There are many ways to answer this question.
The first method of calculating price is to determine the cost of crafting the image, and then factoring in a reasonable amount of profit.
This method is particularly hard for paintings. After all the cost of raw material in a painting isn’t very much, is it? The canvas and frame likely cost less than a hundred dollars.
But then you have to factor in the cost of the painter’s labor. It’s not uncommon for a artist to spend 50 hours crafting a particular painting. The math then is fairly straight-forward. Let’s say $20 an hour times 50 hours plus the cost of the canvas, this would generate a price of $1100 for a single painting. Sounds reasonable, right?
But wait, what’s with this $20 an hour figure? An artist is not a house painter. Value is not the same as price. The final painting should be worth much more than the sum of labor hours.

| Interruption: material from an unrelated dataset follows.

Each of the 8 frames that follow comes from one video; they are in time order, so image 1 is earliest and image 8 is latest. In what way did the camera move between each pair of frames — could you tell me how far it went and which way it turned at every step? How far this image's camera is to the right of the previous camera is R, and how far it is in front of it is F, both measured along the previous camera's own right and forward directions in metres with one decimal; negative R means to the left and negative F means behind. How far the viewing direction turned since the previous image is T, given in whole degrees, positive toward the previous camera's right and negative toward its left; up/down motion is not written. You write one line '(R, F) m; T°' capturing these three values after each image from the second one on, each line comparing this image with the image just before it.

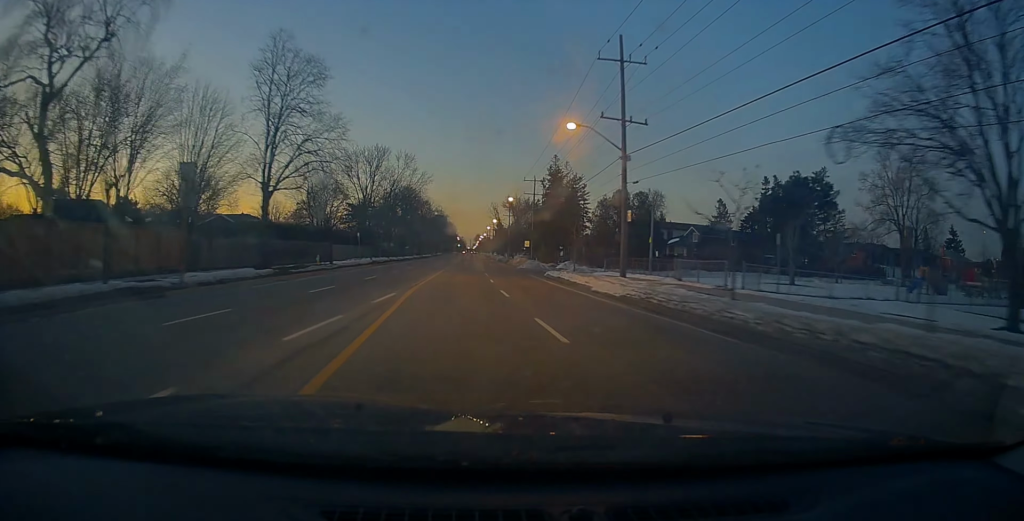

A true artist is making something that can’t be replicated, he or she is producing a singularity in space/time. Because of this, the “cost of goods sold” method is absolutely useless in determining an appropriate price for a painting.
Price vs. Value
The issue isn’t price, it’s value, and real method of determining value is to find out what it’s worth to those who would like to possess it. This is why an auction house like Christie’s is so effective in setting a price that’s roughly equivalent to value.
The same is true of photographic art. Value is generally set at what people are willing to pay.
While neither the painter nor the photographer can afford to lose money on their art, the cost of goods sold is much more of a factor for the photographer than it is for the painter.
While a painter can often paint anywhere, even in her own house, and with only a small investment in equipment, the photographer must travel to a particular location to capture a particular image. That costs money.
Then there is the cost of equipment. It’s not uncommon for a photographer to have $20,000 or more invested in his equipment.
Then there is the cost of labor. It’s common for a photographer, much like a painter, to spend many tens of hours refining her image, although for the photographer that refinement is normally done on a computer.
Then there is the cost of the print itself, which varies as a function of the size of the print. A typical 40 x 60-inch high-end print (we’re talking FujiFlex or Lumachrome here) mounted in acrylic will often cost on the order of $900 to manufacture and ship (no frame), or $1100 with a frame. The smaller the print, the less it costs to produce. So photography prices are often based on size.
Summing it up…
So ignoring the cost of travel, equipment, and labor, the “break even” price for the photographer for a 40 x 60 print is roughly $1100.
But then you have to factor in the gallery’s cut, which is usually about 40% of the total price.
So now, just to break even on the print costs alone, the photographer has to price her 40 x 60 print at $2200. At that price she makes not one penny of profit.
But of course the photographer can’t ignore the cost of labor, equipment, travel, etc. This isn’t charity, it’s supposed to be a business. What that means is if you see a 40 x 60 print for less than $3000, the photographer is likely selling it below cost.
There are a less than a handful of photographers in the world who are making a decent living doing what they do. The rest are just scratching by.